=== Problem details ===
Of all the entries below, only the lines from the one with "#19915=DIRECTION('',(0.,1.,0.));" up to and including the one with "#24722=CARTESIAN_POINT('',(-0.87,-9.97,2.2));" are to be duplicated exactly.

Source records
+===+
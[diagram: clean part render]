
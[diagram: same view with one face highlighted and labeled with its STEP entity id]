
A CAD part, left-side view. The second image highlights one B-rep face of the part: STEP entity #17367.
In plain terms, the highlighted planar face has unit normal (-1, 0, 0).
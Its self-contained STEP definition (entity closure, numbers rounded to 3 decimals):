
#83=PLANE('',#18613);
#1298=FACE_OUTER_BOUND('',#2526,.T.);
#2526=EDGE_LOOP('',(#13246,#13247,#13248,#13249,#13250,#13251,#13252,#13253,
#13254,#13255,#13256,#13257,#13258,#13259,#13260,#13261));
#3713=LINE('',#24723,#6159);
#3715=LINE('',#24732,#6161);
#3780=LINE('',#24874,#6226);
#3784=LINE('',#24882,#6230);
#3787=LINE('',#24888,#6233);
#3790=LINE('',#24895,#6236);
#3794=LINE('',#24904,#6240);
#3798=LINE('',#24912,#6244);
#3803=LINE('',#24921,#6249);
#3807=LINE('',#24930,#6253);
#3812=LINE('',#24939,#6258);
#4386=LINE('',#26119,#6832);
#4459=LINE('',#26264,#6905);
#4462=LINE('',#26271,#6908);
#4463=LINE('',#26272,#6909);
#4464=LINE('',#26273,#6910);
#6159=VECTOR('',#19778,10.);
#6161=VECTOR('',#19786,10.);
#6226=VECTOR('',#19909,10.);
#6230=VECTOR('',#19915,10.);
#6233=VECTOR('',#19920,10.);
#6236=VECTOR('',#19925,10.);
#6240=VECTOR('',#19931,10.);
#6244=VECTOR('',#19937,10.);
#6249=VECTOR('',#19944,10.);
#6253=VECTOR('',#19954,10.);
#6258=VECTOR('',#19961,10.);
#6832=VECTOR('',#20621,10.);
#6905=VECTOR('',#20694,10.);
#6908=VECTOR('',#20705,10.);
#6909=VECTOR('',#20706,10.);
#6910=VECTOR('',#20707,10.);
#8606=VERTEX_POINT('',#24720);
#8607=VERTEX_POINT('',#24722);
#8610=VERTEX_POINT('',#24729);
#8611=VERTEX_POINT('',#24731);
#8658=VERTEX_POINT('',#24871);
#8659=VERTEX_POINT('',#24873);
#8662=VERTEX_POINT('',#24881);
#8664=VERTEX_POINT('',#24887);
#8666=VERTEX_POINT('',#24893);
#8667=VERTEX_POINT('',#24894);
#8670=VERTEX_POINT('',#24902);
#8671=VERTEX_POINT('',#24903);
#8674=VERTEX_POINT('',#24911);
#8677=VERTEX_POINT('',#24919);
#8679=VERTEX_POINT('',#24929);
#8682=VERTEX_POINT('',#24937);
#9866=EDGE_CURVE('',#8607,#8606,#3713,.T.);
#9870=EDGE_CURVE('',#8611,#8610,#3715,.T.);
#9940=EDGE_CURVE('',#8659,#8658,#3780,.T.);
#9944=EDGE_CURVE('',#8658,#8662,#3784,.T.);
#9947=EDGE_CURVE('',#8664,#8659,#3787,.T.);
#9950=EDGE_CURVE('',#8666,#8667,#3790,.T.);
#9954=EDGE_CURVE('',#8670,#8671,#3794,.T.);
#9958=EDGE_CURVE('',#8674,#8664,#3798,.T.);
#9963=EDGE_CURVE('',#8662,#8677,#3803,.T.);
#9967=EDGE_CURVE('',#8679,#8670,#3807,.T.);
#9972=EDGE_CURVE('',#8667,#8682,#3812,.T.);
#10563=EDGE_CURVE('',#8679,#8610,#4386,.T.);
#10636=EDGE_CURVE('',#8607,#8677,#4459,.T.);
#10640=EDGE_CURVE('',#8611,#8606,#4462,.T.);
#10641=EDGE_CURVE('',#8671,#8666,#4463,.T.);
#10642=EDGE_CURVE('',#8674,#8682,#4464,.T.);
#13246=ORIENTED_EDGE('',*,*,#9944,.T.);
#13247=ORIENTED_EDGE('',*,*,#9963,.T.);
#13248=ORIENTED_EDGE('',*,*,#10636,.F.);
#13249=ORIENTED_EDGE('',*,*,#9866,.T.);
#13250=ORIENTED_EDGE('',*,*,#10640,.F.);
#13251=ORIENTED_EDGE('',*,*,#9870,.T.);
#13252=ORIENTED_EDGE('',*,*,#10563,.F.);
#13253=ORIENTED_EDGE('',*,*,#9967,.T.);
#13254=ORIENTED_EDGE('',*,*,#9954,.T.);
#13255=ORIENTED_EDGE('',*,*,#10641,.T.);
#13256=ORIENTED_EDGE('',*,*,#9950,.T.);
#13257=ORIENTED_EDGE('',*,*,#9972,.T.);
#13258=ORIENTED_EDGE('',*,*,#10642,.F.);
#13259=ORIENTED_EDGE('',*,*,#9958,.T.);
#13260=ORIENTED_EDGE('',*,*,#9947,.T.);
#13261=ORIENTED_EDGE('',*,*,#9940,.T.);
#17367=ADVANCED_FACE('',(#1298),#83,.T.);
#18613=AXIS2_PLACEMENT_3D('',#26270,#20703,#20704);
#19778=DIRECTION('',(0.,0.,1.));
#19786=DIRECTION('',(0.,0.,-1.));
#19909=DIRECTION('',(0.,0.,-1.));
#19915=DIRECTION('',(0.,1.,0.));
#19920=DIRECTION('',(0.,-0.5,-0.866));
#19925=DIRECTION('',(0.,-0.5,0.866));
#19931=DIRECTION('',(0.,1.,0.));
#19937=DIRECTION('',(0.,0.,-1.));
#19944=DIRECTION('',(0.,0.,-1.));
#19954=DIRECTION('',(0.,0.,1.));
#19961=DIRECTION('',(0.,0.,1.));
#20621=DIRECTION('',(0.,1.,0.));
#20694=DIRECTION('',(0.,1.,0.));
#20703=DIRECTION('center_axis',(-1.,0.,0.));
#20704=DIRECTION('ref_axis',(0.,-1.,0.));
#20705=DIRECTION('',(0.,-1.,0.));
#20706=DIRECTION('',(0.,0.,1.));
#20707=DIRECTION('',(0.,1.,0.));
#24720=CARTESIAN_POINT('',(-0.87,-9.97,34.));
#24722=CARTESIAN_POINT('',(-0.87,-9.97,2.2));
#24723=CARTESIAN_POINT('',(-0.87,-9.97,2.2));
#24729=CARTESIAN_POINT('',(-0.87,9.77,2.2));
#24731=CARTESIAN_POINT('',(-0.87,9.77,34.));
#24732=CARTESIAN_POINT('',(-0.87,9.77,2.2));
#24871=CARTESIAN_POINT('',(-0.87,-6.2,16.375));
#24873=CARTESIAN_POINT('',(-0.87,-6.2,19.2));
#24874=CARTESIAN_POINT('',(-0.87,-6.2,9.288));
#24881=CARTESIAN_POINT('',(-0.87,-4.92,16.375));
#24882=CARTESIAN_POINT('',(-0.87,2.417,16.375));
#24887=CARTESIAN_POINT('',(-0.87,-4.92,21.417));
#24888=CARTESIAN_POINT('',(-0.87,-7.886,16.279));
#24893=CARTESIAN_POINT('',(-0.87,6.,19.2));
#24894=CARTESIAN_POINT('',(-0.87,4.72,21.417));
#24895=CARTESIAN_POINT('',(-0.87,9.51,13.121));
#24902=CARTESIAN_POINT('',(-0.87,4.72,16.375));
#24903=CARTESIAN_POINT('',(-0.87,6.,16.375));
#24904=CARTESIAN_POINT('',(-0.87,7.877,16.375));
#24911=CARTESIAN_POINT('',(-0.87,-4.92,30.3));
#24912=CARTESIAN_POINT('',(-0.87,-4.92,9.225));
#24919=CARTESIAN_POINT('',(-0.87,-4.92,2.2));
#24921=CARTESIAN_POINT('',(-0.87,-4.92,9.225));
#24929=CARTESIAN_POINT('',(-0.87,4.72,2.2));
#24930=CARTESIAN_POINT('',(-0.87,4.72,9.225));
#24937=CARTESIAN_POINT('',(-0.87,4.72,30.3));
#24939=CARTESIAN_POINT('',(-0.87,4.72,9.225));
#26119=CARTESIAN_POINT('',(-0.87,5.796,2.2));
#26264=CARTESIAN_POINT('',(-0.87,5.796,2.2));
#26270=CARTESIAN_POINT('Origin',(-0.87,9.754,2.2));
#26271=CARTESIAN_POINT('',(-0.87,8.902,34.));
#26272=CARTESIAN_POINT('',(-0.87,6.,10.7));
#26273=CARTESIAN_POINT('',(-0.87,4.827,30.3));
+===+
=== Your solution ===
#19915=DIRECTION('',(0.,1.,0.));
#19920=DIRECTION('',(0.,-0.5,-0.866));
#19925=DIRECTION('',(0.,-0.5,0.866));
#19931=DIRECTION('',(0.,1.,0.));
#19937=DIRECTION('',(0.,0.,-1.));
#19944=DIRECTION('',(0.,0.,-1.));
#19954=DIRECTION('',(0.,0.,1.));
#19961=DIRECTION('',(0.,0.,1.));
#20621=DIRECTION('',(0.,1.,0.));
#20694=DIRECTION('',(0.,1.,0.));
#20703=DIRECTION('center_axis',(-1.,0.,0.));
#20704=DIRECTION('ref_axis',(0.,-1.,0.));
#20705=DIRECTION('',(0.,-1.,0.));
#20706=DIRECTION('',(0.,0.,1.));
#20707=DIRECTION('',(0.,1.,0.));
#24720=CARTESIAN_POINT('',(-0.87,-9.97,34.));
#24722=CARTESIAN_POINT('',(-0.87,-9.97,2.2));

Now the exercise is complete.